I’ve been developing websites in (classic) ASP for over 6 years now, it is a great language but sadly outdated thanks to ASP.NET.

With the need to change to a modern programming language I immediately looked into ASP.NET, frustrating is one word which quickly pops into my head. I was very quickly annoyed at the two tiers that ASP.NET has.

If you want to quickly produce a dynamic page which displays some content from a database then it is a simple case of drag-and-drop and enter some settings and you’re done.  Sadly though as soon as you want to “break the mould” of what is available in the “drag-and-drop” facility, things become a lot more difficult.

Eventually after hours of playing around with ASP.NET I had had enough and stopped working with it.

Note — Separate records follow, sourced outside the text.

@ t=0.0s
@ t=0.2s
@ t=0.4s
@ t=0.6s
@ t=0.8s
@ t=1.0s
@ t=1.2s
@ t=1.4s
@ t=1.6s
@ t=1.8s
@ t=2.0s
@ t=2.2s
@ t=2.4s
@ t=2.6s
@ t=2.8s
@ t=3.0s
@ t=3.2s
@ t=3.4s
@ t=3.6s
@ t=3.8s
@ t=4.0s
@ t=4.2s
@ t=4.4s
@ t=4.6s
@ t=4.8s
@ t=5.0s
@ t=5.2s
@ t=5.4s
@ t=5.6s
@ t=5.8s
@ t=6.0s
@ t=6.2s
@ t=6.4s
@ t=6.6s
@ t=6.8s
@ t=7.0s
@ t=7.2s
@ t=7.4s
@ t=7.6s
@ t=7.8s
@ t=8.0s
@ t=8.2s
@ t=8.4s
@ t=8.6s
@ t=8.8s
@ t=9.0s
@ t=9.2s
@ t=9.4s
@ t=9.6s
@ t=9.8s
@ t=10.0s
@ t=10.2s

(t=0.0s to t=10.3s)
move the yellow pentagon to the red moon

So then I looked into PHP.  I see PHP as the free version of ASP, designed for Linux servers (although it will go onto Windows).  Swapping over to PHP was easy, within a week I was building fully dynamic websites.  Unlike swapping from ASP to ASP.NET, ASP to PHP was easy because it only required learning new syntax, the programming “style” was exactly the same. Also because PHP has been constantly updated over the years (whereas ASP was stopped years ago) there are lots of great functions within PHP which I can now utilise, like image manipulation (previously in ASP I had to purchase ASPjpeg to resize images).

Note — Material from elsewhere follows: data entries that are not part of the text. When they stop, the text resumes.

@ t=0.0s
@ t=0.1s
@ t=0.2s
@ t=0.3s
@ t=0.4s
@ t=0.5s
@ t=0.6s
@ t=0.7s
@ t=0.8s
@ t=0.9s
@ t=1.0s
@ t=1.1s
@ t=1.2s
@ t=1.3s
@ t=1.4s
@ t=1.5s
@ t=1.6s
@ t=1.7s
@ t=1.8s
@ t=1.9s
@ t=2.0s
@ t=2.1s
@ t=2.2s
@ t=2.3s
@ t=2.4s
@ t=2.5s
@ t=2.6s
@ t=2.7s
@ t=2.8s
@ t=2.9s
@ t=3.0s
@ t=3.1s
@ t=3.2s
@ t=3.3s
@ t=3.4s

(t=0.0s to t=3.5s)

PHP isn’t without its faults however.  When using it there is the feel that it has been built on for years and some inconsistencies emerge, for instance; to replace some text in a string you use the function “str_replace()” however to calculate the length of a string you use “strlen()“.  Why not “str_len” or have “strreplace“?!?! Also some functions are completely over the top, for instance “mysql_real_escape_string()“, this is used to make a text string safe to insert into an SQL statement (whereby removing SQL-Injection hacking) however surely it would have been nicer to call the function “mysql_str_safe()” or even “mysql_safe()“!!!

So far the only thing I have found which PHP doesn’t do is building of PDF’s, however I was able to simply use a free PHP Object class instead, there are also add-ons you can buy to build PDF’s also.

So to conclude, the transition from ASP to PHP has so far been very good, enjoyable in fact.  I look forward to spending many years coding in PHP (in a sad geeky way!)